ルート確保とはいっても、現在のところ南の樹海には人が安全に通行できる道など存在せず、せいぜい獣道が散見されるぐらいだ。
つまり、安全な道を探すのではなく、本当の意味で道を切り拓いていくしかない。
そういった意味で、今回の指定依頼は冒険者ギルドにとって珍しいものだったらしい。
たかだかランクC程度の冒険者である俺に、ランクA相当の依頼を受けてもらうことになるからだ。
邪魔な木を切り倒すだけの簡単なお仕事ですというわけではなく、作業中に雷獣ヌエに襲撃なんぞされたら、討伐ランクAの魔物の相手をしなければならない。
この依頼受託のランク制限については、以前に俺がヌエを倒したこと(※ティアモが証言済み)をギルドも把握していたため、わりとすんなり特例として認めてくれた。

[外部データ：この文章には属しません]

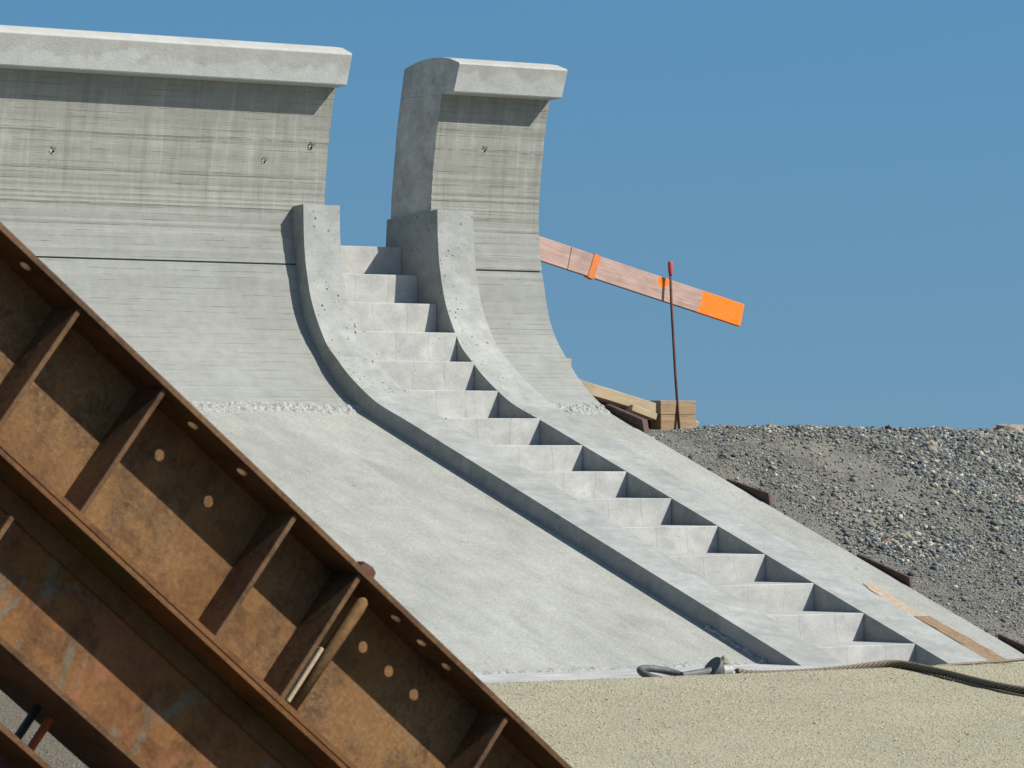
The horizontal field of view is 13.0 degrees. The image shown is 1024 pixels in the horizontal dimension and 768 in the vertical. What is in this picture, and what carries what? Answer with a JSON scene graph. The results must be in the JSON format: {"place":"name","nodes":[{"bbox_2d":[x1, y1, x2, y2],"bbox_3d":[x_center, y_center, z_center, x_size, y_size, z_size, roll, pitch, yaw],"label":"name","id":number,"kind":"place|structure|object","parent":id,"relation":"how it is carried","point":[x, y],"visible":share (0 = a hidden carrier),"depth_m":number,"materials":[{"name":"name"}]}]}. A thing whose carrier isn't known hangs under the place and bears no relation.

さらにいえば、難易度の高い今回の依頼を見事達成した暁には、大幅なランク更新を考えているとまで言っていたのだ。
俄然、やる気も湧くというものだ。
――などと一週間ぐらい前の出来事を振り返りつつ、俺は手に持っていた剣を一閃した。
「せい……や!!」
巨木がバキバキと轟音を響かせて横倒しになり、遠くのほうで羽根を休めていた鳥達が飛び立つのが見える。
「ボクも負けてられない、ね!」
大型の槍が振るわれると、またもや大きな音が響いた。
「まだまだ薪が足りてないから、持ち帰って乾燥させなきゃ」
言いながら、俺が貸した最強の果物ナイフで倒れた木の枝を慣れた手つきで切り取っていく人物。
「よいしょ~」
軽い掛け声とは裏腹に、大木を根っこごと引き抜くという荒技を披露している人物までいる。
順にセシルさん、リム、シャニアである。
セシルさんは俺の依頼のお手伝いをしてくれており、冒険者として協力をお願いしたリムとシャニアは、それぞれの作業を遂行しているのだ。
というか、シャニアの怪力は種族的なものなのか?
大木を根っこごと引き抜くとか、どんだけよ。
『次はあっちだよ、お兄ちゃん。ちょっとだけ迂回することになるけど、ここをまっすぐに進んだら大きな岩が邪魔になっちゃうから』
「ん? そうなのか、わかった」
……さて、俺のことを『お兄ちゃん』などと親しげに呼んだのが誰なのか、紹介しておかなくてはならないだろう。
まるで暖房器具の上で丸くなる猫のように、俺の頭の上を定位置としているのは――ヌコである。
勘違いしてほしくないが、けっして猫ではない。
手足に短いながらも鋭い爪を有しており、胴体は色鮮やかな虎縞模様の四足歩行獣。
そこまでは、いい。正しくヌコといえるだろう。
ただし、尻尾はくねくねと動く蛇である。
もっと言えば、顔は愛嬌のある猿のような感じだ。
おわかりいただけただろうか? ……そう、ヌコ(※メス)は雷獣ヌエの子供である。
名前を付けたのは俺だが、単純にヌエの子供ということから『ヌコ』と命名したのだ。
――出会いは数日前。
大木を切り倒したとき、ふと前方に身体を震わせている何かがいることに気づいた。
小さくも外見は雷獣ヌエのため、最初は警戒していたが、そこで俺が所持するモンスターテイムのスキルが効果を発揮した。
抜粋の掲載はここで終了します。